Retaining Wall Benefits
Waves and wakes constantly pushing against shore over time will cause the shoreline to begin to erode. This can be an inconvenient or even dangerous situation, if a structure is located nearby. An expertly-designed, well-maintained seawall prevents erosion of the shoreline.
Rising water levels due to heavy rains can cause ponds and lakes to overflow, potentially causing extensive flood damage to the property. A retaining wall protects the property from damage due to overflow.
Space & cost-saving solution
Retaining walls take up much less space than other shoreline solutions, like dikes, for example. Since less material and space are needed for the construction of a seawall, construction costs are typically lower than those incurred by traditional shoreline solutions.
Properly installed and maintained, a retaining wall can hold strong for over a hundred years. Of course, this will vary depending on environmental factors, but seawalls are longer-lasting than other solutions in any situation.
Basic Retaining Wall Maintenance
- Monitor plant growth around the base of the wall. Roots can burrow underneath the wall and cause cracks over time, so it may be necessary to weed the base of the wall regularly.
- Regularly check weep holes (openings in the wall that allow small amounts of water through the wall to prevent the pressure of water from overpowering the wall). Make sure they’re not blocked or clogged for optimal performance.
- For added protection against erosion, apply a waterproofing solution to the wall. These solutions typically come in a spray applicator and provide an extra layer of waterproofing to ensure your wall lasts longer.
Pond & Lake Retaining Wall FAQs
Do retaining walls need to be waterproofed?

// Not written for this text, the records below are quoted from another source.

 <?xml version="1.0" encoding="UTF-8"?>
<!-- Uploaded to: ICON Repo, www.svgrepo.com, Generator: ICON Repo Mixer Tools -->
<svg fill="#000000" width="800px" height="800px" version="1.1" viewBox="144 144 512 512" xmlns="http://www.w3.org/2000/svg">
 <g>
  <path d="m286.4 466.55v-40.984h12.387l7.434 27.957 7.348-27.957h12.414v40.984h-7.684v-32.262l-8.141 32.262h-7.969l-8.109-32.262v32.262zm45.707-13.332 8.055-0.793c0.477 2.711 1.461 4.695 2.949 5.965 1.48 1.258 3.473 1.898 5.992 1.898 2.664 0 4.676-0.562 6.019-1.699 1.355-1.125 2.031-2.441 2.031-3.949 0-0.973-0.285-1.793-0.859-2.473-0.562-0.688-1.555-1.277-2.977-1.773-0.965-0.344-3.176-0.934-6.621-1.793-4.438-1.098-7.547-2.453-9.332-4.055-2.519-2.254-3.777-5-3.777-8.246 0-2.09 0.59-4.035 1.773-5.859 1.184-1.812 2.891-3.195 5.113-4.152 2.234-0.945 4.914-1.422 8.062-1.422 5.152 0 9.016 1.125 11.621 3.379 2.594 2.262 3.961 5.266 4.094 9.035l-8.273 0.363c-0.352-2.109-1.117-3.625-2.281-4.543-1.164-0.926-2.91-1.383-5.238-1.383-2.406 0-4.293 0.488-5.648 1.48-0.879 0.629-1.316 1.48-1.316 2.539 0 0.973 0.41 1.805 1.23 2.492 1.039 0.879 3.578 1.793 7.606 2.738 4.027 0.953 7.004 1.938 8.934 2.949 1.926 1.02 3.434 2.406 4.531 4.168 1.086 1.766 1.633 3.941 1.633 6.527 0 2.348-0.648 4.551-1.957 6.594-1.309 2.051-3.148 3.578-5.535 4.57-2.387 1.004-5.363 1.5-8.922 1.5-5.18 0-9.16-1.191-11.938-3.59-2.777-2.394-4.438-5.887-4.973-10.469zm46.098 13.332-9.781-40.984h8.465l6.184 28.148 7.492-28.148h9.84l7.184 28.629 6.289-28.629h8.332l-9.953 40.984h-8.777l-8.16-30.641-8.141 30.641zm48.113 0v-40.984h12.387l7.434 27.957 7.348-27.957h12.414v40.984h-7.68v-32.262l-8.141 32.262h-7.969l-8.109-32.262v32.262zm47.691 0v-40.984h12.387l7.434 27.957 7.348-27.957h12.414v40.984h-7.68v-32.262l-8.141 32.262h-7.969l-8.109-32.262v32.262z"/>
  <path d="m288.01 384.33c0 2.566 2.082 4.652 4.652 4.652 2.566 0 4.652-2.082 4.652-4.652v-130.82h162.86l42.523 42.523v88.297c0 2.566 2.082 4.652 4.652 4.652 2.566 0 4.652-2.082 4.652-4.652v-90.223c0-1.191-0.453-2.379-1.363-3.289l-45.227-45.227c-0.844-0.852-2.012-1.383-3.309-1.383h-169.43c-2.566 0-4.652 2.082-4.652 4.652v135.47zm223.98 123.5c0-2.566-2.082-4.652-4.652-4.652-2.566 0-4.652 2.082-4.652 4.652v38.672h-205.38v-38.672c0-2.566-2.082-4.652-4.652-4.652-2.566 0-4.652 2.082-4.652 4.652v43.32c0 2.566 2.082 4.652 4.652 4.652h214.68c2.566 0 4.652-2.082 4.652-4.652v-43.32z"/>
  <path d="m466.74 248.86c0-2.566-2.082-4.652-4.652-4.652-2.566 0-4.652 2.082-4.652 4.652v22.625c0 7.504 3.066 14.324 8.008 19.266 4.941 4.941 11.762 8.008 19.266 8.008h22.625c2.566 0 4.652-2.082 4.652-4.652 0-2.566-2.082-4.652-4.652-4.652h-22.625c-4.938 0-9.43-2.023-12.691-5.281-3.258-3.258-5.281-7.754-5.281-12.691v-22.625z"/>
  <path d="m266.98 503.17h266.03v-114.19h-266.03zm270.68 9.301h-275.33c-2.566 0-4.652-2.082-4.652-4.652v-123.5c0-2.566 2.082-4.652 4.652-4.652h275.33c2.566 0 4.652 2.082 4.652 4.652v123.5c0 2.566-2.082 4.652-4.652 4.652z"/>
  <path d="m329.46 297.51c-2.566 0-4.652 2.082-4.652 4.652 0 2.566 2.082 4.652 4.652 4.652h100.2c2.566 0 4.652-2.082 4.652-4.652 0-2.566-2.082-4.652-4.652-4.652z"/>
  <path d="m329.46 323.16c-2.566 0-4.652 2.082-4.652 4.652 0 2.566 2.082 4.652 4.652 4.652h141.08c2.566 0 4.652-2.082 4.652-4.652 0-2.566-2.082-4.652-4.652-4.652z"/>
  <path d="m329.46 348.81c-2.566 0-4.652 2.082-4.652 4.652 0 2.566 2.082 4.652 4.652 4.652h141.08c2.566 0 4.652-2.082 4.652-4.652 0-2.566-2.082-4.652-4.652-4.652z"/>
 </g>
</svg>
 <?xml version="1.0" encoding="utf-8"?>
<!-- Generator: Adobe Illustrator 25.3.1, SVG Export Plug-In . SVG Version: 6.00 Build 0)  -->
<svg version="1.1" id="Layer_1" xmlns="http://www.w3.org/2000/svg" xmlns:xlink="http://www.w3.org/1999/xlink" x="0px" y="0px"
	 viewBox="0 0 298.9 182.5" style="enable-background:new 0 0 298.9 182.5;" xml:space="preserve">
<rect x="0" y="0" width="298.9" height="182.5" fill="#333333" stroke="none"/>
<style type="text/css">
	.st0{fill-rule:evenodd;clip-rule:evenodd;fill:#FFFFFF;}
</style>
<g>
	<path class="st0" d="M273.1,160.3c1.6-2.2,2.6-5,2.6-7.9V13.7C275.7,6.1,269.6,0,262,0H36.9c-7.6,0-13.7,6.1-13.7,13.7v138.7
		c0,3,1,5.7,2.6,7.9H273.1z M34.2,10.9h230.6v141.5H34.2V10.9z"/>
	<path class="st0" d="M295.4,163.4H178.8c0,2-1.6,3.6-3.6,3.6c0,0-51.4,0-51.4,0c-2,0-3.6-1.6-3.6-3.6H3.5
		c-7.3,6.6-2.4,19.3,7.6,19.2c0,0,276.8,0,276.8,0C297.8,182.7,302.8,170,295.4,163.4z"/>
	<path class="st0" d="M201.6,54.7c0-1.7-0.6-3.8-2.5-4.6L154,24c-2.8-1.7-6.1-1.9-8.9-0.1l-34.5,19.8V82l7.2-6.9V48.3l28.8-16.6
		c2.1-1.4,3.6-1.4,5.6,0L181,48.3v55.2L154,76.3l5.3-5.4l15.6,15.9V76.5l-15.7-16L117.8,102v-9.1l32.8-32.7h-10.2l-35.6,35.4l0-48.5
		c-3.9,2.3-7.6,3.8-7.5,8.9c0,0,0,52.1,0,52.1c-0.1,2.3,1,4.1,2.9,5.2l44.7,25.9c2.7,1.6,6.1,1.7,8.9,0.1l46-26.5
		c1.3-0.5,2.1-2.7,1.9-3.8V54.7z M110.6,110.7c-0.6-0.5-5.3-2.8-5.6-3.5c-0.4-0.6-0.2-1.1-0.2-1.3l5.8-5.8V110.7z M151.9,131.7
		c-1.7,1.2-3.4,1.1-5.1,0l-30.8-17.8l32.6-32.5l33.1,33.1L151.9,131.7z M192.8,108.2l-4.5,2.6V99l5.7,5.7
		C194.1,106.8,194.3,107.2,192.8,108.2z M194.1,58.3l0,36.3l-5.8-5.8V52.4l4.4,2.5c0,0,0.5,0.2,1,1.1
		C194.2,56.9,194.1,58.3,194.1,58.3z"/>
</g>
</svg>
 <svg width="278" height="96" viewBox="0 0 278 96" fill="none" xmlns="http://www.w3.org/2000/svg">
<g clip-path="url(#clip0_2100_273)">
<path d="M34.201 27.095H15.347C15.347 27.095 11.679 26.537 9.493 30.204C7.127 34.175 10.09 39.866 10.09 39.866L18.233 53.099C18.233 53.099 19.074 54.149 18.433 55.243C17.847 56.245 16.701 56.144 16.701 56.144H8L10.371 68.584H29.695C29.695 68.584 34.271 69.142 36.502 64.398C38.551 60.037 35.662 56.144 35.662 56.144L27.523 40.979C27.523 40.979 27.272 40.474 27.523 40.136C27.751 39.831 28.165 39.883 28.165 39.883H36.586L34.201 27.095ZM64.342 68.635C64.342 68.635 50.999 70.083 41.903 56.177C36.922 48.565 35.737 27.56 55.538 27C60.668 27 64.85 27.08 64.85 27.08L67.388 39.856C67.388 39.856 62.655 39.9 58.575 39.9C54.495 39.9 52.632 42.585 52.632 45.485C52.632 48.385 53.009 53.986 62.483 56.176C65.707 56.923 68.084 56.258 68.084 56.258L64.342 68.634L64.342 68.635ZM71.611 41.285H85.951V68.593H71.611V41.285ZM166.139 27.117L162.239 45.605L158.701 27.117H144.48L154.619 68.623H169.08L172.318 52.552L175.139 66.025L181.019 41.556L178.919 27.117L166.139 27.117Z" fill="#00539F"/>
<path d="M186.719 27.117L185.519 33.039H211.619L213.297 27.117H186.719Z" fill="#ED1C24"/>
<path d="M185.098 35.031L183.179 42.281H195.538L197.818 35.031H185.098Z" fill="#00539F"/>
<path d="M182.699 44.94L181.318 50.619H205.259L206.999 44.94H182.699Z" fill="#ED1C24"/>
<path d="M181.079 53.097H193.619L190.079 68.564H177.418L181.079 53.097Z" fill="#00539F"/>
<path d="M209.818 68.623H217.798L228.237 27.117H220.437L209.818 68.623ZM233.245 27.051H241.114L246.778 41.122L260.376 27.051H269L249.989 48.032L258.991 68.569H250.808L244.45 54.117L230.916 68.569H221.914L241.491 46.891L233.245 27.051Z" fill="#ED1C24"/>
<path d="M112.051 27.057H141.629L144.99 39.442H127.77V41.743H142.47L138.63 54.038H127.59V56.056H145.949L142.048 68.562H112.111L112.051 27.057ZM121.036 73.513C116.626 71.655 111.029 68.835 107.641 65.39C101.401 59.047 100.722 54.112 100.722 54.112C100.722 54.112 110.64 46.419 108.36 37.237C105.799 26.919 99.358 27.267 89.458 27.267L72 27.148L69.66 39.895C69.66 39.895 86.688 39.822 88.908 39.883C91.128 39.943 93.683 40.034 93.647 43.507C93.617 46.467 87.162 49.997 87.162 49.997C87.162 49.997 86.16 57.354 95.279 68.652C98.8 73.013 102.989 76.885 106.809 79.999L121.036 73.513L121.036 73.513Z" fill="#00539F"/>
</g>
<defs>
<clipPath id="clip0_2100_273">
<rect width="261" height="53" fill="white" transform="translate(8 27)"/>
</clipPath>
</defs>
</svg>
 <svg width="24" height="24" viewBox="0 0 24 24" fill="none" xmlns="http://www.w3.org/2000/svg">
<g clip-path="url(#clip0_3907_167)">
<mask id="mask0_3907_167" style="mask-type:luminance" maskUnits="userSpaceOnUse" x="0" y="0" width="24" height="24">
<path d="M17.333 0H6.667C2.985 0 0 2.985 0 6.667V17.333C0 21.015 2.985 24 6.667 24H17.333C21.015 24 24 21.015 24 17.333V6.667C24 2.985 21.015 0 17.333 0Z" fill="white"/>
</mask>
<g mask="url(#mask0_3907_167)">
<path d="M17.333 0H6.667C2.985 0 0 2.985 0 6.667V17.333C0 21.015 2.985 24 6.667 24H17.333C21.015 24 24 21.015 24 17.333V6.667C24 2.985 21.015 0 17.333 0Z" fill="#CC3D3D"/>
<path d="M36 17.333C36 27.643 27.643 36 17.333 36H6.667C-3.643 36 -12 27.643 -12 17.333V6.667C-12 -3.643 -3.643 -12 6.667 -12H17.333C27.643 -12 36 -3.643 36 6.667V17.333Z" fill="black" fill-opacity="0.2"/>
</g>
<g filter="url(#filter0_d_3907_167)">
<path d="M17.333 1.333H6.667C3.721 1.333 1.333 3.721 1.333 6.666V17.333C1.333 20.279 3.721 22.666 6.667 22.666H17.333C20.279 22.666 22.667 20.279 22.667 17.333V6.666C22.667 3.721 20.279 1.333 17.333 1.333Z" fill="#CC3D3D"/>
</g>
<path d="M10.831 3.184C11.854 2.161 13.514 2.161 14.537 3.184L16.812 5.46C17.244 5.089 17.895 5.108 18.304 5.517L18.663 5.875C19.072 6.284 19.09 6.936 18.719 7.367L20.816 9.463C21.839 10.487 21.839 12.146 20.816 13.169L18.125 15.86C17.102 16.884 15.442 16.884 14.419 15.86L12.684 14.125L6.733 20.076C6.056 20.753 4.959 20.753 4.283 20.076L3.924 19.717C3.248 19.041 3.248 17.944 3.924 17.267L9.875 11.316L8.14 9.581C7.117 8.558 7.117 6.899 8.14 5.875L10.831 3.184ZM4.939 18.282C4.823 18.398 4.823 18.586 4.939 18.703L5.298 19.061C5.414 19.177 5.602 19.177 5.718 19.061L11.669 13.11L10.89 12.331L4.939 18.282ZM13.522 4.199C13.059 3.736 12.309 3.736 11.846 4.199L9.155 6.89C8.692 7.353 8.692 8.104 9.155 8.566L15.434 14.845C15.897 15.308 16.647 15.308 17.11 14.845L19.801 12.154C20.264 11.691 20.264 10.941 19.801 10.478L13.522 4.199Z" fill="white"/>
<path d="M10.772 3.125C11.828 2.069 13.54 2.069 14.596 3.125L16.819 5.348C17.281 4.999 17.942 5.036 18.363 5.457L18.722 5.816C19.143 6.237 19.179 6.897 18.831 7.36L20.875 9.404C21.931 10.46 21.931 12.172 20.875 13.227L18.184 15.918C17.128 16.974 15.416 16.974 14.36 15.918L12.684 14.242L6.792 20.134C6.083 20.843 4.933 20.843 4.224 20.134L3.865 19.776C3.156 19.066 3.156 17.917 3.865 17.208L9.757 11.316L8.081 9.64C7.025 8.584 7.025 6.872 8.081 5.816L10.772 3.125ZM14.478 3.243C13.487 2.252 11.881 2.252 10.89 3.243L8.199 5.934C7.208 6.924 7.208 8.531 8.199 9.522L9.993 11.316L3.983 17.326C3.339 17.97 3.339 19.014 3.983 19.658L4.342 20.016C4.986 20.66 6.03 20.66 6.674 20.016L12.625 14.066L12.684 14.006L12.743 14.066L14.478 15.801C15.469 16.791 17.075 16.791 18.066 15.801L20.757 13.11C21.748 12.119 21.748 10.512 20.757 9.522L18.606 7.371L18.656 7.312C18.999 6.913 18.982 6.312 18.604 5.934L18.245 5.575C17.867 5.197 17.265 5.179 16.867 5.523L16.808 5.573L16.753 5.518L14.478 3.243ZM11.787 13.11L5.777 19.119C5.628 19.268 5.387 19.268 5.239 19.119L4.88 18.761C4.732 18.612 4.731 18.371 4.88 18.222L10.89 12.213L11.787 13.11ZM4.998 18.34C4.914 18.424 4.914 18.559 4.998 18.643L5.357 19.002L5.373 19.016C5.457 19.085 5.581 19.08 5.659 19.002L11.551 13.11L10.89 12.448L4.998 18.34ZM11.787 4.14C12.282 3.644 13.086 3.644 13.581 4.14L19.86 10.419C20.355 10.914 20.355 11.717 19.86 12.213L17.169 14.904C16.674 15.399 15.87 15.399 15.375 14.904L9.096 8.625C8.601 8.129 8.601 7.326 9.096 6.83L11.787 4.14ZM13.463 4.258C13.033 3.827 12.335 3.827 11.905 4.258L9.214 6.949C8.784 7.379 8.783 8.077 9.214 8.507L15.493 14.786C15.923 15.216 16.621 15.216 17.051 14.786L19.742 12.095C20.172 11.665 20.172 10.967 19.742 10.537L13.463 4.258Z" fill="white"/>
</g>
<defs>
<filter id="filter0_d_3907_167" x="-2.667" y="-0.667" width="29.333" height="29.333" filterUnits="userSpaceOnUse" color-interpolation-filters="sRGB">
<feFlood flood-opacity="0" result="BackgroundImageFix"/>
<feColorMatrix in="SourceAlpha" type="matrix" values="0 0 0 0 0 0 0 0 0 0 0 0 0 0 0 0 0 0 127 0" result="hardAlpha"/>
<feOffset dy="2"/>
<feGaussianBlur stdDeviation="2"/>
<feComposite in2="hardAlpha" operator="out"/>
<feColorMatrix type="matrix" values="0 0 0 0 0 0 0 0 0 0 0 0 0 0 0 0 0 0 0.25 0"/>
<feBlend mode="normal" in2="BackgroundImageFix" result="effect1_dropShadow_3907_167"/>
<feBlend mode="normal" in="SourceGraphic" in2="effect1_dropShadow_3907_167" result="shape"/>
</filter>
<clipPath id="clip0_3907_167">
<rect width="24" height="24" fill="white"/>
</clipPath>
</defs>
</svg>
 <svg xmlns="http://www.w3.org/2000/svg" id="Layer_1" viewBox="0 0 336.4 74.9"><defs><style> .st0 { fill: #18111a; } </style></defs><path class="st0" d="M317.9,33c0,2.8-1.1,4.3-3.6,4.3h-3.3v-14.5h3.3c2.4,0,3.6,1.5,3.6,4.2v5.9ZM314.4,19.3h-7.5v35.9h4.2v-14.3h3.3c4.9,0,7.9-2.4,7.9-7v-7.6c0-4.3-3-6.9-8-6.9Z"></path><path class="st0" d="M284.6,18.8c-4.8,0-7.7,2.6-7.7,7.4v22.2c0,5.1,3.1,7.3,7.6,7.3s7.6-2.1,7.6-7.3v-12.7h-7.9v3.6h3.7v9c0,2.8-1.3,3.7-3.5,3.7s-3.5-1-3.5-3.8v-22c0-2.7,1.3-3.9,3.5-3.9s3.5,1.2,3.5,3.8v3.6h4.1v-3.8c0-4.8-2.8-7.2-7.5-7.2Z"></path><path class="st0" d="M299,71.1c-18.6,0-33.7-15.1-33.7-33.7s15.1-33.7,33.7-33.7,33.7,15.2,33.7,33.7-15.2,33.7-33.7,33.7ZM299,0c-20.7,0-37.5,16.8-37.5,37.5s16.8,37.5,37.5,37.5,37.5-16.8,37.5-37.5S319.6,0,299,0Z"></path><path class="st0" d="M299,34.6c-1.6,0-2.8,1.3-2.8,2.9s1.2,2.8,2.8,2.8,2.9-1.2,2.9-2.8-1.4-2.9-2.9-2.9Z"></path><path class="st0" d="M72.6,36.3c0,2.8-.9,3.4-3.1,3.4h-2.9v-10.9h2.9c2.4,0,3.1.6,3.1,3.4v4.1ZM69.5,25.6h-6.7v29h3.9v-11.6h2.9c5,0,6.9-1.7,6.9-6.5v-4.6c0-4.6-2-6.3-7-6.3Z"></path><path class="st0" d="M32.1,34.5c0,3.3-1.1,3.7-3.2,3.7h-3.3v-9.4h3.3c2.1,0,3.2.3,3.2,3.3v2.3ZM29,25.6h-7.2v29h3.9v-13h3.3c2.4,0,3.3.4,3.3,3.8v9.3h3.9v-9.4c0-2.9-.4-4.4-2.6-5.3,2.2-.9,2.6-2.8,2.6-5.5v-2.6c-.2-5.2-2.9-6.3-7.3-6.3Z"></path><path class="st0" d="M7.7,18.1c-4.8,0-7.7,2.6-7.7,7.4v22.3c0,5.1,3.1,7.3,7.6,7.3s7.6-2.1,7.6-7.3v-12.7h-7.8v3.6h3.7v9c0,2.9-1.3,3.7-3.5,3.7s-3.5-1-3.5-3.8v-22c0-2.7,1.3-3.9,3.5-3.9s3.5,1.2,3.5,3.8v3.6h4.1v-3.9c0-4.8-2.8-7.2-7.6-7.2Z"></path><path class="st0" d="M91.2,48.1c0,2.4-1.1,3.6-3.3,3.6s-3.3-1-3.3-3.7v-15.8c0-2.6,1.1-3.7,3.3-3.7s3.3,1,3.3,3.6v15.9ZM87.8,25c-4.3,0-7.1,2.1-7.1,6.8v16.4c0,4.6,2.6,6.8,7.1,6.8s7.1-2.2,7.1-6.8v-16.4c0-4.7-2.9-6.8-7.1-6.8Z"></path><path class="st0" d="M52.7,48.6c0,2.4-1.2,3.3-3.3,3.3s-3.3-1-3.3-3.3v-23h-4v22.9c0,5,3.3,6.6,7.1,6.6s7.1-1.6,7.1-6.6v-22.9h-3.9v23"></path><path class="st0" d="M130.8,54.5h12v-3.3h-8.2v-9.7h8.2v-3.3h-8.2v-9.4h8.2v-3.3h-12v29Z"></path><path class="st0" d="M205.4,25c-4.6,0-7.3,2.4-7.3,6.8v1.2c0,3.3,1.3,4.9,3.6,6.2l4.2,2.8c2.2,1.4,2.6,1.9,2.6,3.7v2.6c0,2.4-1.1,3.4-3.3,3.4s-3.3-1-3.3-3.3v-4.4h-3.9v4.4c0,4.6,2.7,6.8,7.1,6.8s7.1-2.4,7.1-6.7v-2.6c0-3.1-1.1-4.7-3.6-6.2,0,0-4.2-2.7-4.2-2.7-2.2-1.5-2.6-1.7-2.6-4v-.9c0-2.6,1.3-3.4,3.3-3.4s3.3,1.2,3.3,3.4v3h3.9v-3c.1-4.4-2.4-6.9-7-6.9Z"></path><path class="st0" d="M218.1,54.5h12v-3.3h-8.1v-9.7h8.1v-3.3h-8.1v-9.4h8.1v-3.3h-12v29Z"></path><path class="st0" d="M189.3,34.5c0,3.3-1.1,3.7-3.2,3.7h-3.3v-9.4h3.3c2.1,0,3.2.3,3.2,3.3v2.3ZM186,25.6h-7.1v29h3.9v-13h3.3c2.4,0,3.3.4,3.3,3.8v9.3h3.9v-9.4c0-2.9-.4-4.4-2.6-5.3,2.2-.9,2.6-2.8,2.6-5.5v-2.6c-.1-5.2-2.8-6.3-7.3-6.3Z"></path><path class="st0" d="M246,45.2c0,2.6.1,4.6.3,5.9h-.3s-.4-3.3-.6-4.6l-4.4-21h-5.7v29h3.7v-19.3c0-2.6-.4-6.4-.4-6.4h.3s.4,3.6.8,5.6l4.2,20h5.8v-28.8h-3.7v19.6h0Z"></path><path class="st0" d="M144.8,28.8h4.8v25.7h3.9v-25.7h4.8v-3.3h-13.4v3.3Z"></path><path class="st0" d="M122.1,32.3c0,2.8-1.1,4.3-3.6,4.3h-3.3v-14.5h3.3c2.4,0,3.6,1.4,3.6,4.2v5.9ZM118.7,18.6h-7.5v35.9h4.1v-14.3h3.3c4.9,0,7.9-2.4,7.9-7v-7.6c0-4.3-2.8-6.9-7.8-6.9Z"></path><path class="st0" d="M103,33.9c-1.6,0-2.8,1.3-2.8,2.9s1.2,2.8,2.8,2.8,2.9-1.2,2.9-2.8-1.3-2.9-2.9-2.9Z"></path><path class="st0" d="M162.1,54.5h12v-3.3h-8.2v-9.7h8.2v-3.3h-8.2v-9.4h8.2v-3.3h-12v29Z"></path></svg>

Your retaining wall is only as functional as the design, construction and care allow. That said, while your wall is protecting your property from water intrusion, you will need to take steps to protect the wall from the impact of being constantly exposed to said water. This protection is two-fold: drainage and waterproofing.
It is crucial that your retaining wall is built with effective drainage in place; without proper drainage, hydrostatic pressure (water pressing against the wall) can eventually cause bulging, buckling, cracking or collapse of the wall. While good drainage is part of the design of the wall regarding granular backfill as well as installing a pipe in the base of the wall to feed excess water to storm drains, it is the homeowner’s responsibility to regularly check weep holes to ensure that they’re not clogged or blocked in any way.
Waterproofing the retaining wall protects the wall from absorbing moisture, which can cause discoloration as well as compromise the integrity of the wall. Waterproofing membranes function very much like the waterproofing used in basement walls. Fast Tilt’s walls are integrally waterproofed with agents made to withstand the elements of both below- and above-ground applications.
Why should I choose concrete over wood or cinder block for my pond/lake retaining wall?
Wood can be an affordable option for retaining walls along the shore of a body of water, but it is also much more susceptible to warping and decay due to being constantly in contact with water. This is exacerbated when used in salt water.
Cinder block is a strong material with high compressive strength, but block walls are more prone to leaks, buckling and bowing than poured concrete. Furthermore, a good cinder block wall requires the services of skilled bricklayers, which substantially increases the cost of labor.
Concrete is seamless, which presents an inherent advantage over block walls in both leak resistance and lateral strength. Reinforced poured concrete is stronger and more durable than any other material, allowing them to last for decades with very little maintenance. Additionally, a precast poured concrete retaining wall has unlimited design potential, so your wall can be as beautiful as it is functional.
Does homeowners insurance cover retaining walls?
It’s important to thoroughly understand your policy so that you know what is covered and what is excluded. In many homeowners insurance policies, incidents such as “earth movement” are typically specifically listed as an excluded event. These incidents can include sinkholes, earthquakes, erosion, heave, and expanding and contracting soil.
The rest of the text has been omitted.